Market Trends of United States Contract Manufacturing Services Industry
Growth of Evolution of service offerings has enabled organizations to increasingly rely on contract manufacturers for their production needs
- Manufacturing regulations, particularly in the case of beverage products in the United States, are rapidly evolving. Companies opt for outsourcing bottling and filling activities to meet such strict regulations, and the stressful task of meeting such regulations is passed on to the contracting agency. Admiral Beverage Corp., for example, is a supplier of carbonated soft drinks (CSD) in the western United States. It has expanded to three large facilities that supply carbonated and fountain mixes to numerous distributors throughout the mountain and western states, as well as Alaska. Admiral Beverage simplified deaeration, optimized blending, and sped up filling and changeovers by implementing Bevcorp's MicrO2 system.
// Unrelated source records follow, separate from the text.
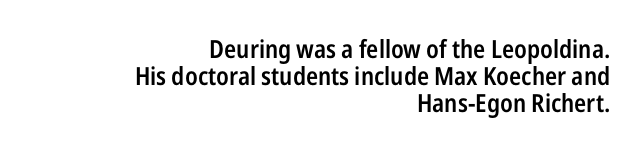
{"italic": "no", "bold": "semi", "underline": "no", "align": "right", "line_spacing": "tight", "line_spacing_ratio": 1.08, "letter_spacing": "normal", "letter_spacing_em": 0.0, "glyph_px": 25}
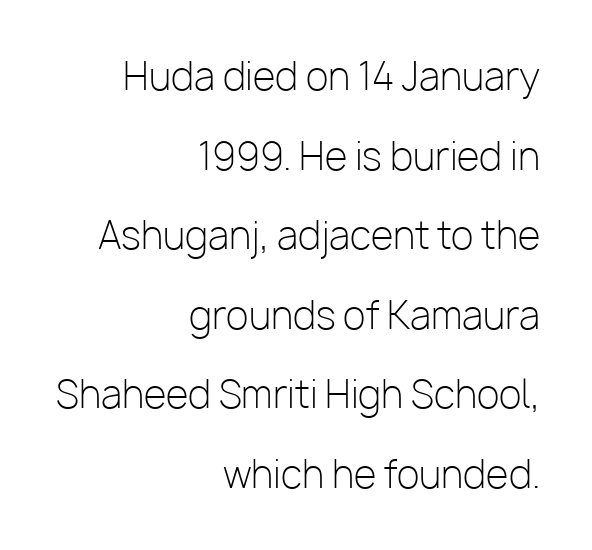
This is not heavy type; no bold has been used. Regarding serifs, this sample does without them. Does the leading feel generous? Absolutely, it's lavish. Looks like regular typesetting: each glyph gets only the width it needs. Honestly, the letter spacing is just normal — you wouldn't notice it.
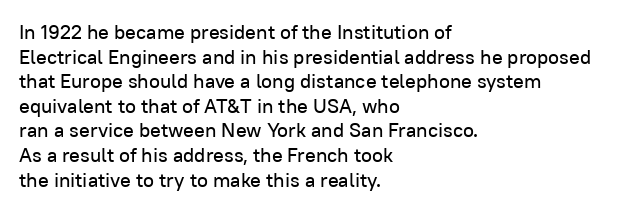
{"italic": "no", "underline": "no", "align": "left", "line_spacing_ratio": 1.23, "letter_spacing": "normal", "letter_spacing_em": 0.0, "glyph_px": 20}
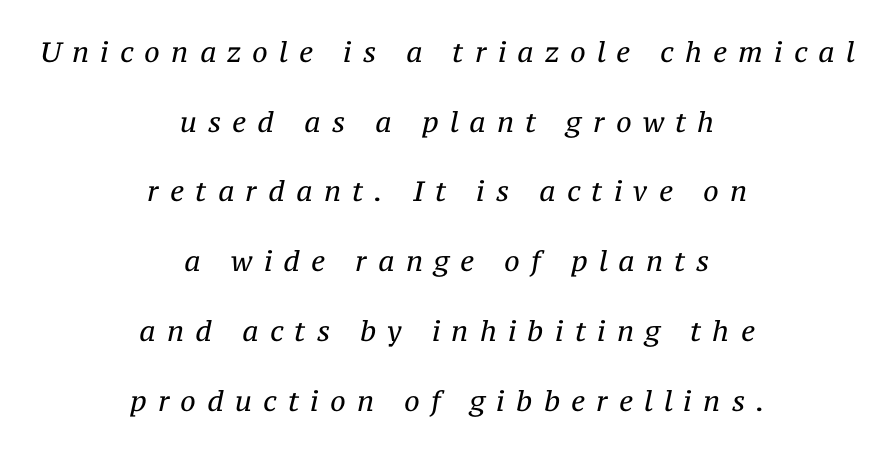
The image shows 28 px regular-weight serif type, italic (leaning right); set centered, loose line spacing (2.49x), unusually wide letter spacing (+0.4 em), not underlined; medium stroke contrast and a medium x-height.

- Due to offerings, key players in the personal care industry, such as Unilever and P&G, have begun in-house production of innovative products to protect their intellectual property and are outsourcing mass production to contract manufacturers.
- Further, the increasing investment in the capacity of the pharmaceutical segment can lead to expansion and significantly assists the market growth. For instance, In April 2021, Lonza announced its expansion their sold from selection services at the US site. This helps the company to meet its capabilities in meeting its accelerated timelines.
- The United States government's increasing investment in the manufacturing sector of emerging economies is expected to attract major market contributors such as McBride and Formula Corp. These businesses work hard to expand into new markets while keeping current contracts. These businesses position their services in the emerging need to secure long-term contracts.
Beverages sector to witness the growth
- The expansion of beverage contract bottling and filling in the United States as it reduces manufacturers' operational costs. In many cases, it is estimated that operating costs can be significantly reduced by outsourcing bottling and filling activities to contract companies and lowering machine and labor costs.
- Brewers can buy their filling machines when they first start up, rent filling lines, or contract filling solutions as their operations expand. It was difficult to find the right filling machinery, which could cause significant problems for beer companies. For these reasons, many businesses in the United States are turning to contract bottling and filling, which allows them to maximize efficiency in bottling and packing.
- Because most people are concerned about the impact of the COVID-19 outbreak, the demand for bottled water has increased significantly, and the Federal Emergency Management Agency (FEMA) recommends keeping at least one gallon of water per person per day on hand in case of an emergency. Purchasing and storing bottled water is a safe and convenient way to ensure an adequate supply is available when needed. This is expected to drive up demand for bottled water, which will benefit the contract bottling and filling market in the United States.